With Democrats favored by 75% to win the US House majority in 2026 on prediction market Kalshi, Representative Maxine Waters’ new criticism of Securities and Exchange Commission Chairman Paul Atkins’ crypto policies could gain more steam.
Although Congress remains on winter break, the ranking Democrat on the House Financial Services Committee asked Atkins on Monday to testify before the committee, where she wants him to take responsibility for the dismissal of significant enforcement actions for digital assets.
“The SEC has terminated or sustained major enforcement actions against several crypto companies and individuals who had been credibly accused of major violations of our securities laws, including Coinbase, Binance and Justin Sun,” Waters wrote in a letter sent to the panel’s Republican chairman, Representative French Hill. “The committee has not examined the SEC’s rationale for abandoning these cases or how the agency intends to deter fraud and manipulation in markets that affect millions of retail investors.”
Waters argued that some of the companies freed from SEC cases announced the terminations before the commission actually voted on them, and she argued that Atkins’ office “took an unusually active role in negotiating an end to these cases.”Read more: Most Influential: Paul Atkins
The SEC did not immediately respond to a request for comment from CoinDesk.
After the start of President Donald Trump’s administration, a leadership change at the agency — and the eventual confirmation of Atkins as its chairman — led the regulator to abandon a long list of legal battles it had waged with the crypto industry. Almost all of its pending cases were dropped, and it backed out of several ongoing lawsuits.
Trump has made it his mission to boost the US crypto industry, and Atkins has declared that same mission the top priority of the SEC, which was established as an independent federal regulator not intended to operate under the direct direction of the White House.

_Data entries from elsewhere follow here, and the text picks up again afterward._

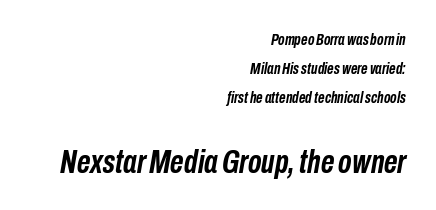
Q: Is the text bold? A: Yes.
Q: Is the text italic (slanted)? A: Yes, it leans right by about 10 degrees.
Q: Is the text underlined? A: No.
Q: How is the paragraph aligned? A: Right-aligned.
Q: Is the spacing between letters normal or unusually wide? A: Normal.
Q: Which block of text is set in a larger size, the first (top) or the second (bottom)? A: The second (bottom) one.
Q: Width (condensed, normal, or wide)? A: Condensed.
Q: Stroke contrast? A: Low.
Q: x-height? A: Medium.
Q: Monospaced? A: No.

Waters, who has at times been an active negotiator on crypto legislation while also sharing industry criticism, said Atkins “frames the agency’s agenda as an instrument of administration.” She also noted that its many policy shifts have been carried out through staff statements rather than formal rules. That has routinely been the case for the crypto industry, which has enthusiastically embraced many of these statements as clarification of the agency’s position in the absence of clear digital asset laws. “This approach ignores the SEC’s legal obligations under the Administrative Procedure Act, forecloses the important role public comment provides in identifying problems, and hides from Congress and the public exactly what interests influence the SEC’s decision-making so that we cannot weigh the motives of the parties who shape SEC policy,” said Waters, who requested testing that the Atkins House join the panel.